As shown, for the NFAs IF-TN and IDT-TN, and donor PBDB-T, the strongest absorption state (where the oscillator strength f is largest) is the S1 excited state, which is the electron transfer from the HOMO to the LUMO level. The oscillator strength f of the S1 state and the excited-state lifetime τ are better for the NFA IDT-TN than for IF-TN. Therefore, IDT-TN has the obviously red-shifted absorption spectra and excitons staying in excited state for longer times. It can be seen from Figure 3a that the absorption peak of IDT-TN has an obvious red-shift relative to IF-TN, and IDT-TN also has the broader absorption spectra. The absorption peaks of S1 of the interfaces PB/IF and PB/IDT are 456.23 and 558.31 nm, respectively. The oscillator strengths are 2.1406 and 3.1576, respectively. The LHEs are 0.993 and 0.999, respectively. For the interfaces PB/IF and PB/IDT, the strongest absorption state is also the S1 excited state. Nevertheless, the electron transfers are from the HOMO-2 to LUMO levels or HOMO-1 to LUMO levels, respectively. The interface PB/IF has the larger oscillator strength f of the S1 state and LHE compared to PB/IF. It can be seen from Figure 3b that the interface PB/IDT has the obviously red-shifted absorption peak compared to PB/IF, and the PB/IDT also has the wider and stronger absorption spectra.

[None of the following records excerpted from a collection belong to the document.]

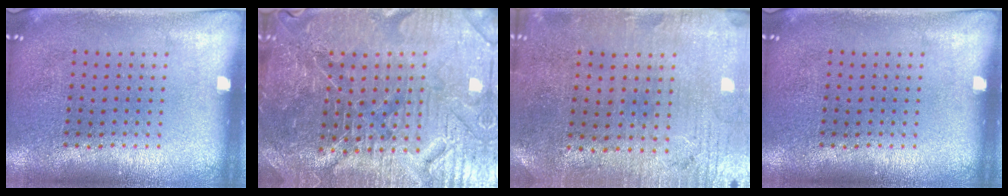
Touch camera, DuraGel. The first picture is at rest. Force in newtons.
{"total": 5.5, "press": 5.2, "slide": 1.9}
{"total": 0.6, "press": 0.4, "slide": 0.5}
{"total": 0.0}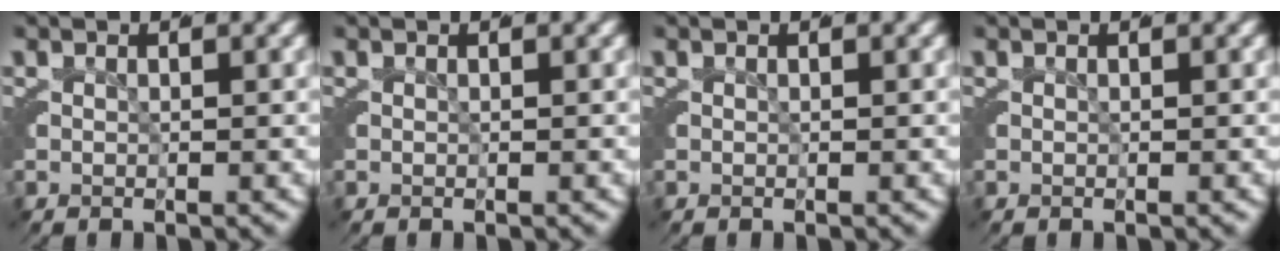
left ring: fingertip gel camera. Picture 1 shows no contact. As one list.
[{"total": 0.0}, {"total": 0.0}, {"total": 0.0}]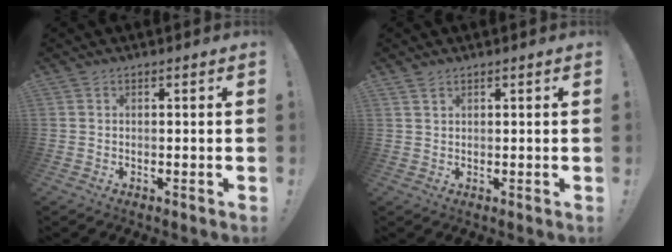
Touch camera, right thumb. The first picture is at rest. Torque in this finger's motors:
{"motor_torque": [0.13, -0.30, 0.09, 0.15, 0.00]}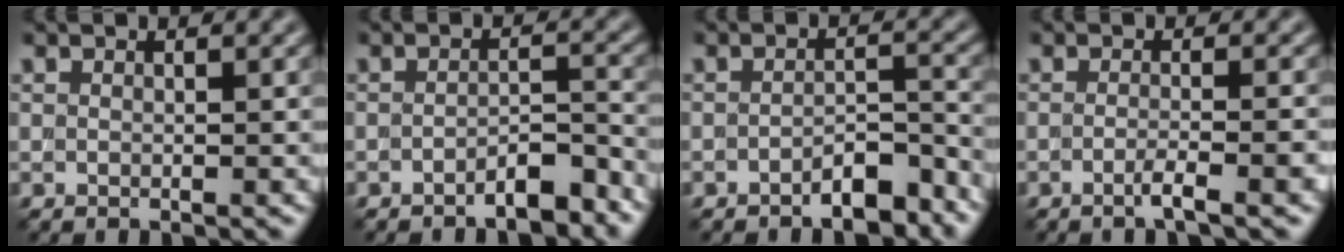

The charge difference densities (CDD) are analyzed and calculated in order to make the electron transfer processes of the NFAs and between donors and acceptors clearer and more intuitive [58]. As shown in Figure S1, for the NFAs IF-TN and IDT-TN, and donor PBDB-T, it can be seen that there are more electrons localized on the structures of electron-donating IDT core units of the NFA IDT-TN. For the interface PB/IF, it can be seen from Figure 4 that for the S1, S4, and S7 states, all electrons and holes are located on the NFA IF-TN. For the S2 and S6 states, all electrons and holes are located on the donor PBDB-T, while for the S3, S5, S8, and S9 states, electrons and holes are completely separated and distributed on the NFA and the donor, respectively. The S3 state is the minimum charge state, and the charges are completely separated at the PB/IF interface. When all electrons are located on the NFA IF-TN, the electrons are mainly located on the structures of electron-donating IF core units. For the PB/IDT interfaces, it can also be seen from Figure 4 that for the S1, S2, S7, and S9 states, all electrons and holes are located on the NFA IDT-TN. For the S4 and S6 states, all electrons and holes are located on the donor PBDB-T, while for the S3, S5, and S8 states, electrons and holes are completely separated and distributed on the NFA and the donor, respectively. The S3 state is viewed as the minimum charge state, and the charges are completely separated at the PB/IDT interface. When all electrons are located on the NFA IDT-TN, the electrons are mainly located on the structures of electron-donating IDT core units. Thus, it can be seen that the strongest absorption states are the S1 excited states for both PB:IF and PB:IDT active layers, and that the NFAs play key roles in absorbing sunlight.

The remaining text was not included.